Fish and chips, washed down with champagne while seated by the Regent’s Canal, makes for a weirdly romantic dinner. I’m sorry if you disagree; you might think that there are few things less sexy than a boozy fish-fest next to a foetid waterway, but you’ll just have to trust me. There’s something peculiarly decadent about sipping bubbly after a grease-laden mouthful of battered haddock; all the more so when it’s with someone you’d normally want to take to dinner at the Ritz.
Anyway, that was my Friday night. A romantic fish supper with my boyfriend, next to the Palm Tree pub in Mile End Park. Two miniature bottles of Piper-Heidsieck from a recent trip to France, and fish and chips from the fantastic Britannia chippy on Grove Road, served with pond-sized dollops of tomato ketchup and enough salt to poison an ox. I’m sure I could feel my arteries furring up with every mouthful, but the mood was sweet.
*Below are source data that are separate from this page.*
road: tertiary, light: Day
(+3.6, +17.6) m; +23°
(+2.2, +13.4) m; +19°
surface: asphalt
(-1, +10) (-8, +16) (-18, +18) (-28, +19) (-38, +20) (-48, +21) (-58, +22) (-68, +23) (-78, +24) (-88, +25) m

Until, that is, the hooligans arrived. A group of teenage boys in a cloud of Lynx and machismo, who cycled by and shouted something about “queer bastards” at us. It’s small beer, as homophobic abuse goes. I’m sure you’ve been called something similar at some point, possibly with considerably more force, maybe even by people who were willing to stick around to see how you responded. However trivial it might seem, it’s always a startling experience to have an otherwise lovely evening marred (even only slightly) by someone who sees your sexuality as an existential threat – as dangerous as people who support the wrong football team, perhaps, or people who know what ‘existential threat’ means.
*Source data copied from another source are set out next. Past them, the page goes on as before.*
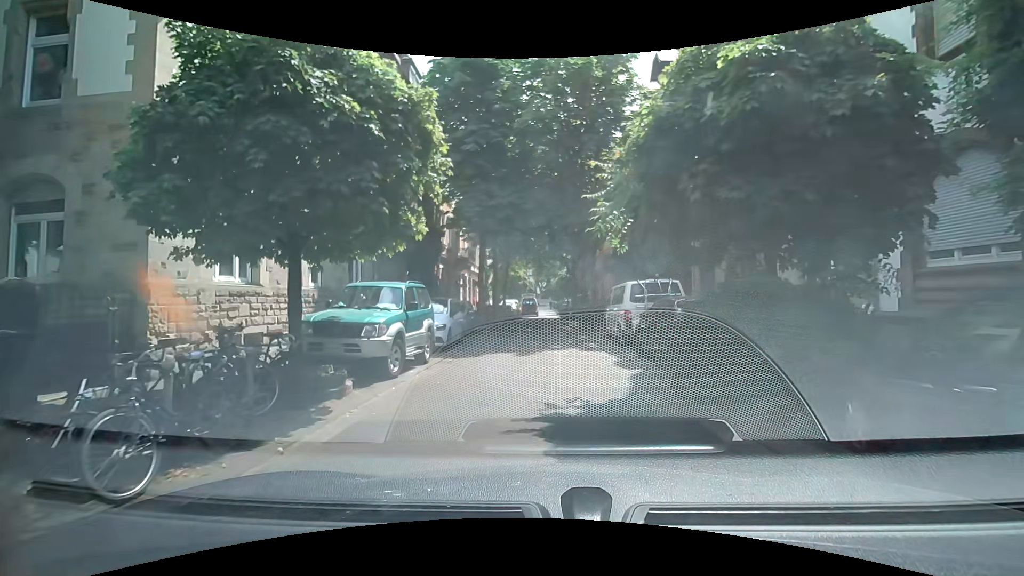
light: Day
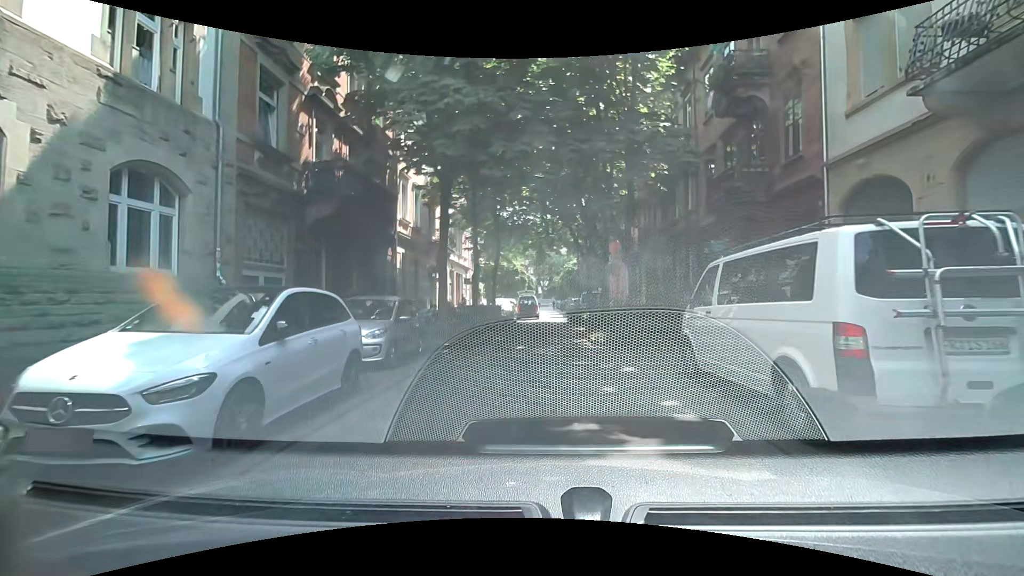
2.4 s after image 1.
(+0.1, +10.2) m; +1°
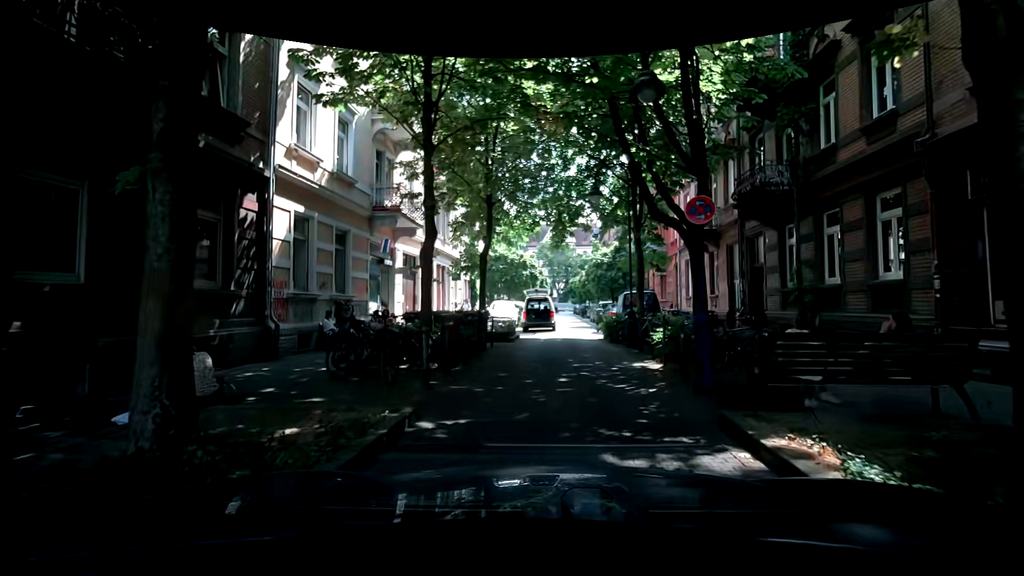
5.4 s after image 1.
(-0.2, +11.9) m; -1°
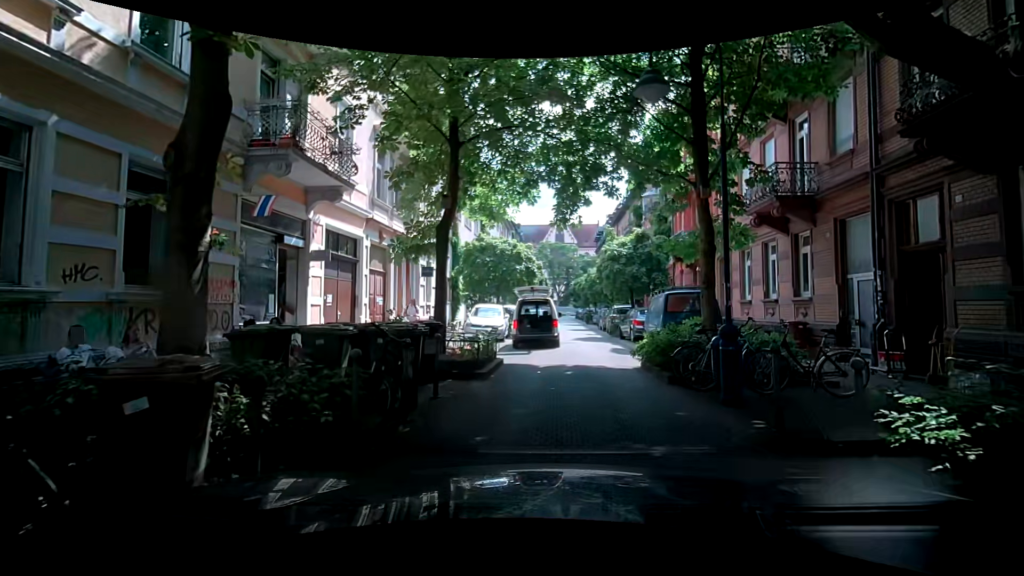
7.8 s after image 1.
(+0.1, +7.5) m; +3°
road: residential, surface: paving_stones
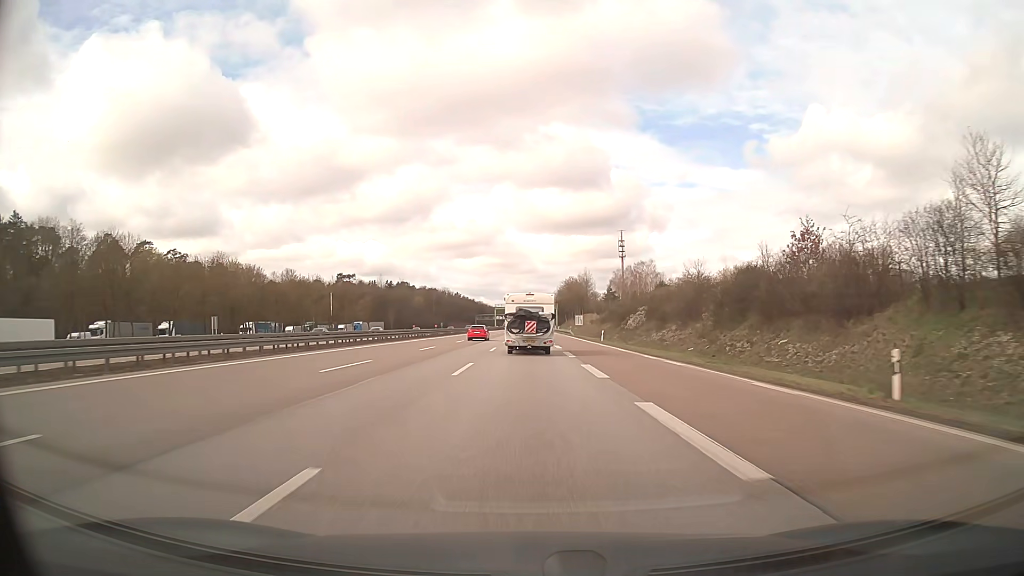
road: motorway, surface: asphalt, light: Day
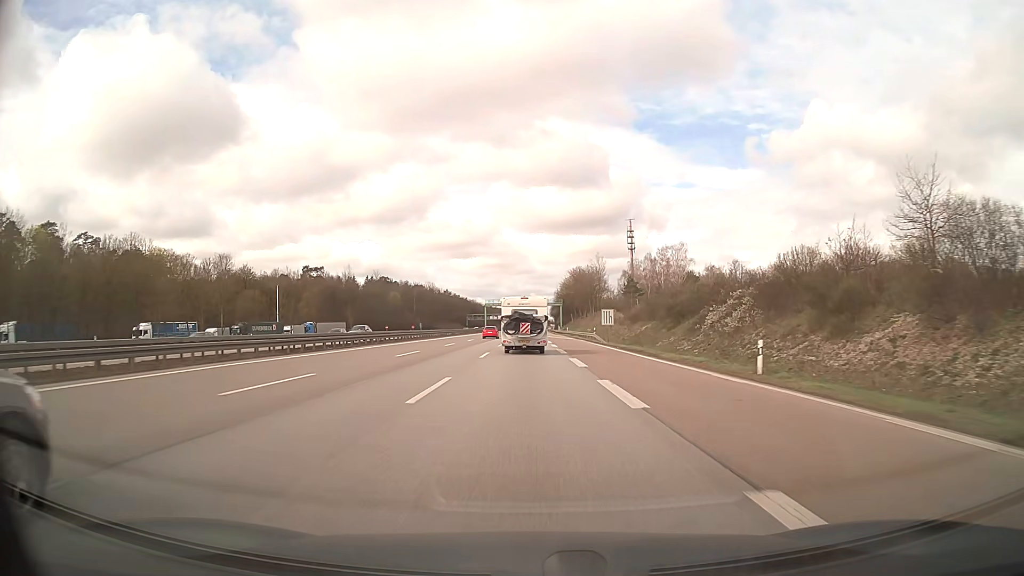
(+0.1, +42.5) m; 0°
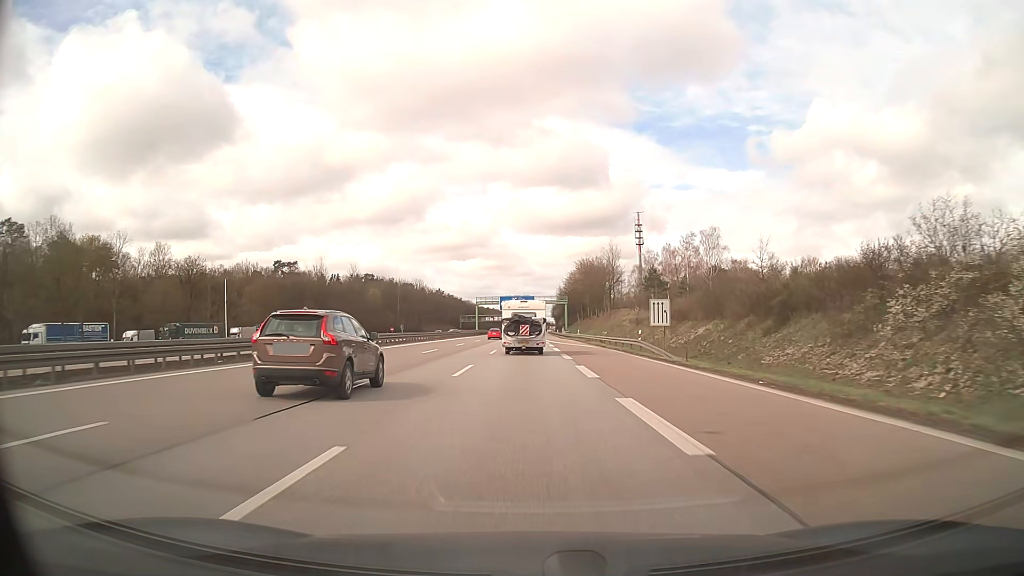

More seriously, the sort of moron who will shout homophobic insults at a couple of perfect strangers may be only one IQ point above the sort of moron who thinks that ridding society of a ‘queer bastard’ with a good kicking is a sort of public duty. In this case, our scrawny assailant couldn’t have packed more much punch than a slightly asthmatic guinea pig, but that’s not always the case – and nor is it the point. Too often, we read about gay people who are physically assaulted by those brought up to believe that homosexuality is an aberration. Random, futile insults might not wound you in the same way, but they belie the same terrifying ignorance. Wherever that ignorance comes from – school, family, politics or religion – it is dangerous. Politicians and activists tinker with the definition of ‘hate crime’, or belittle gay rights, at our peril.
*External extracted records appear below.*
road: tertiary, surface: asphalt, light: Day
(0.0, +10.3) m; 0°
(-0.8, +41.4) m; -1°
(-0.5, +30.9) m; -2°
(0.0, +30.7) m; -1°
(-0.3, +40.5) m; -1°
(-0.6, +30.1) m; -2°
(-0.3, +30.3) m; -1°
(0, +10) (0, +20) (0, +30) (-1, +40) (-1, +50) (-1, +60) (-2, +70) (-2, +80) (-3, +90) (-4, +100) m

Anyway, these “queer bastards” weren’t too upset. We returned to chowing down on our pre-coronary feast before heading into the Palm Tree for a pint. But no matter how puerile the words, the intent, ignorance and hate behind them show that there’s still, sadly, a long way to go before we can stroll hand-in-hand along the towpath without occasionally wondering who’s waiting nearby to show us the error of our ways.